### RECORDS SUPPLIED
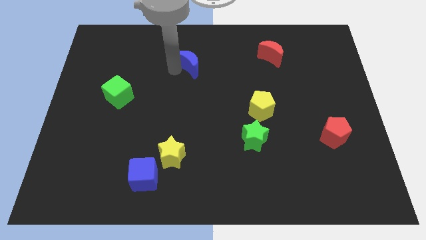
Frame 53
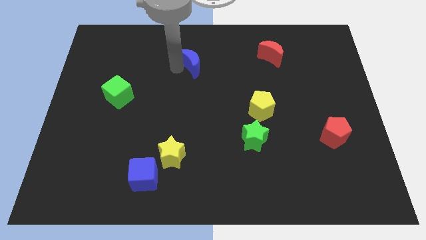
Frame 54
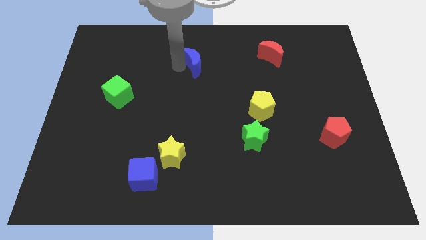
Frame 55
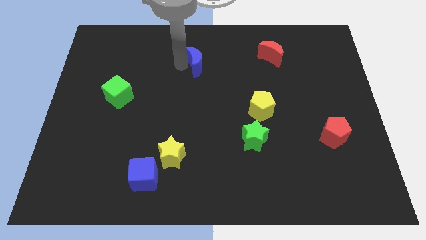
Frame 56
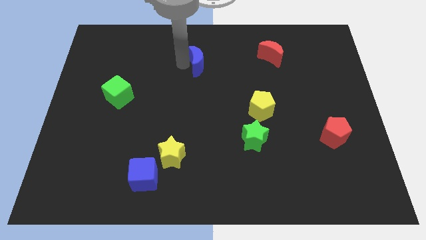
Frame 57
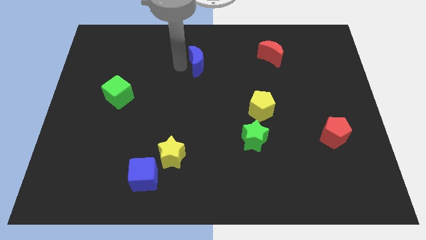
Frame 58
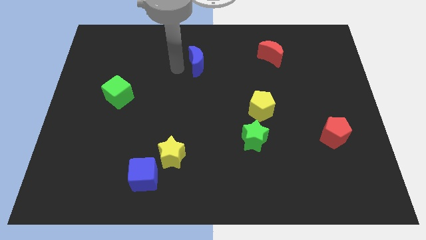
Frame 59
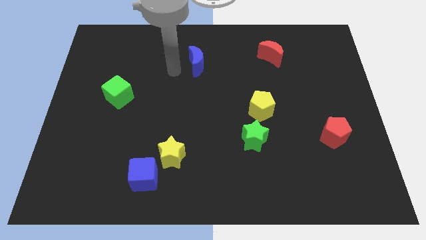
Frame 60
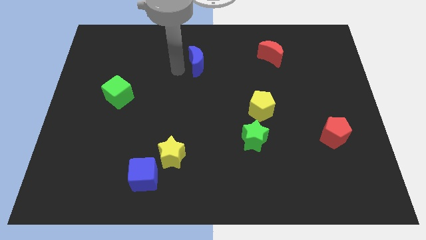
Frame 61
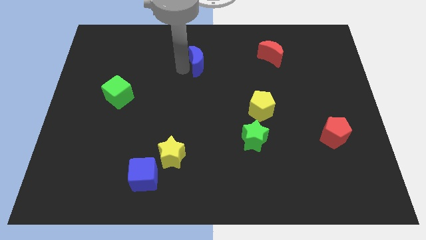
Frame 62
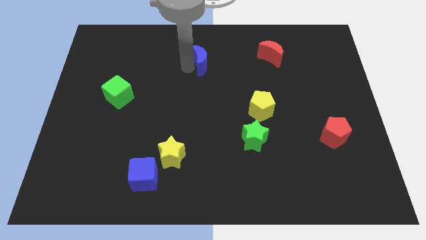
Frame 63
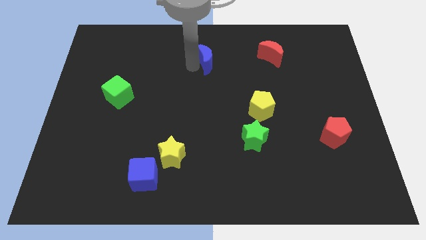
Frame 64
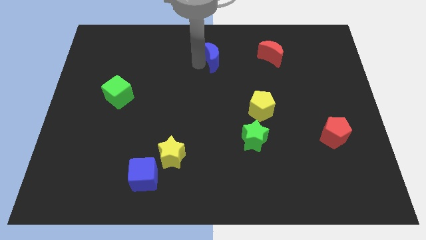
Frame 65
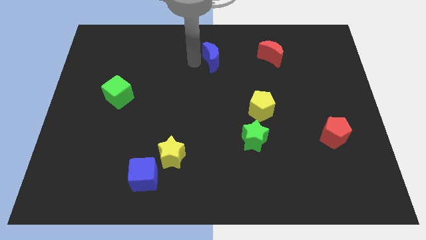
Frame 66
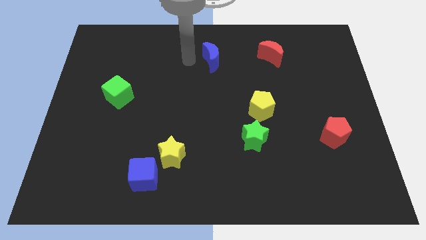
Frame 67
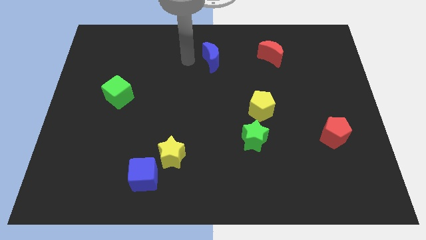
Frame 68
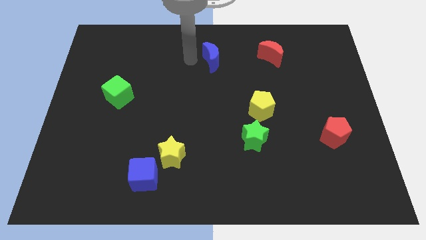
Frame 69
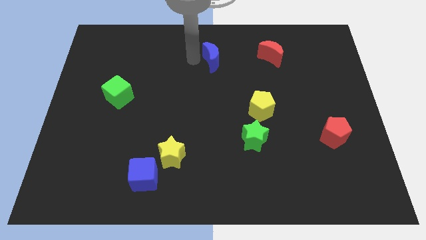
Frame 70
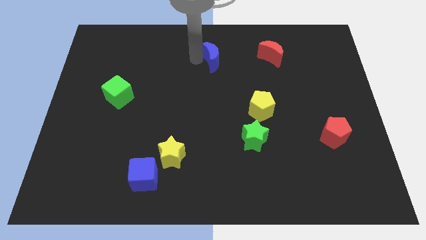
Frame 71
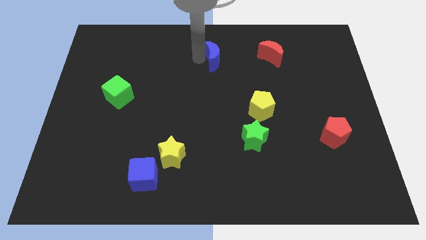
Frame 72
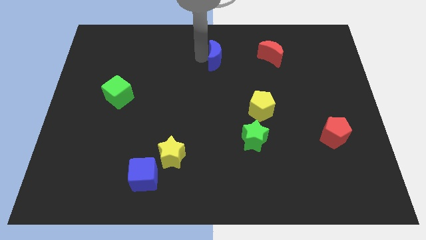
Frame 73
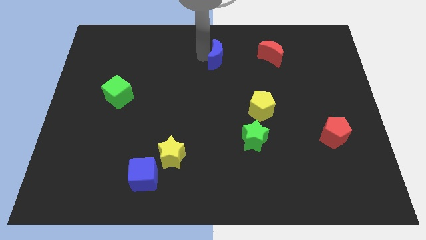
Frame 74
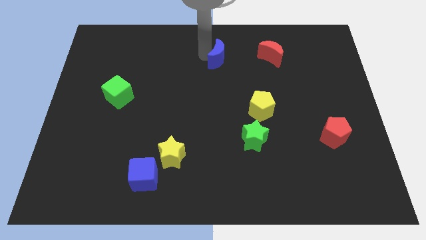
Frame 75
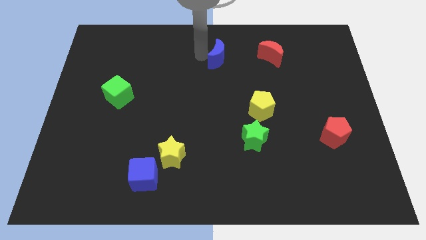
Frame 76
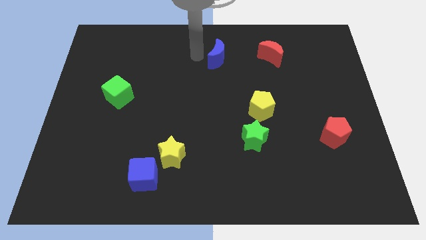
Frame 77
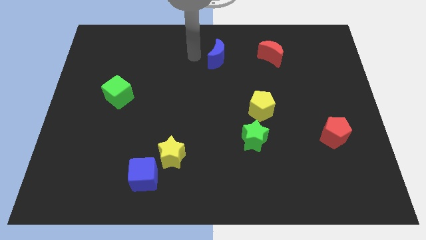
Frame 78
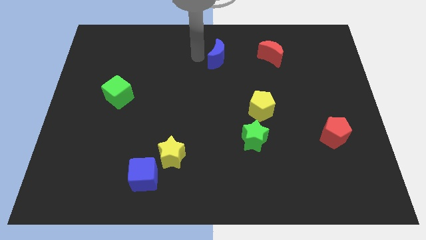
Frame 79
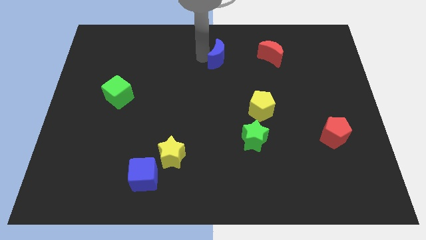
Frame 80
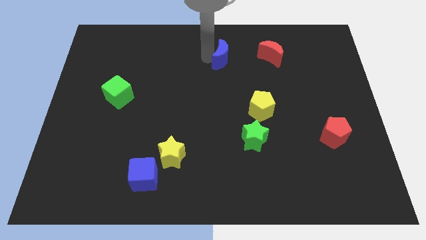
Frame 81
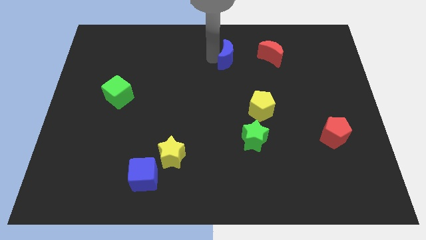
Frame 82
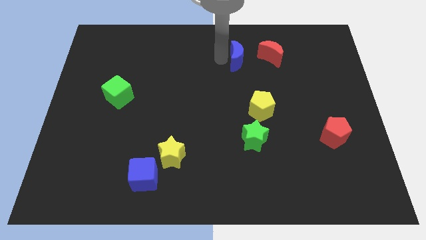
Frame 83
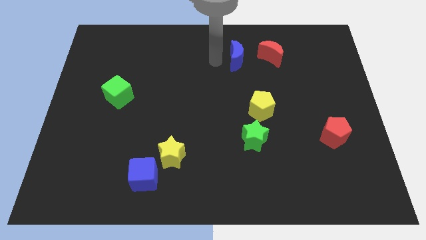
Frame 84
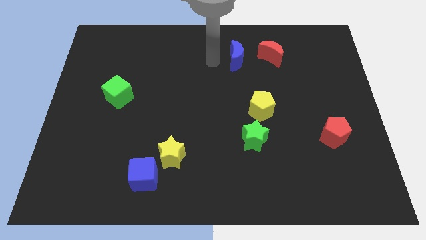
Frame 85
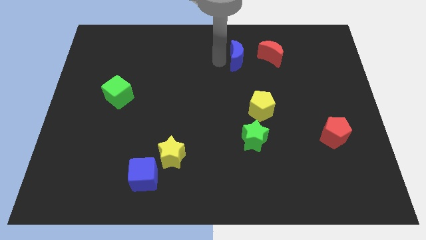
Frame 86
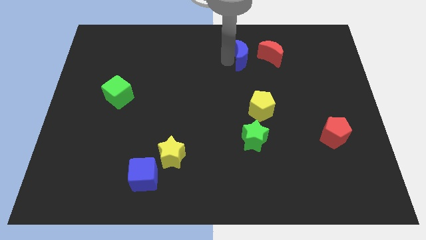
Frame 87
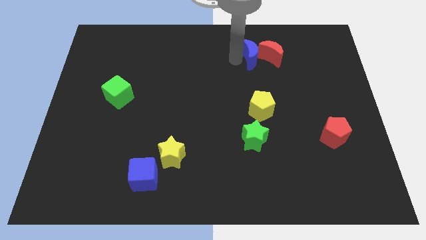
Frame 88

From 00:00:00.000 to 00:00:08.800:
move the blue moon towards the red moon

### PROBLEM STATEMENT
Please retype all of the material exactly, skipping whatever images it holds.

### RESULT
Frame 53
Frame 54
Frame 55
Frame 56
Frame 57
Frame 58
Frame 59
Frame 60
Frame 61
Frame 62
Frame 63
Frame 64
Frame 65
Frame 66
Frame 67
Frame 68
Frame 69
Frame 70
Frame 71
Frame 72
Frame 73
Frame 74
Frame 75
Frame 76
Frame 77
Frame 78
Frame 79
Frame 80
Frame 81
Frame 82
Frame 83
Frame 84
Frame 85
Frame 86
Frame 87
Frame 88

From 00:00:00.000 to 00:00:08.800:
move the blue moon towards the red moon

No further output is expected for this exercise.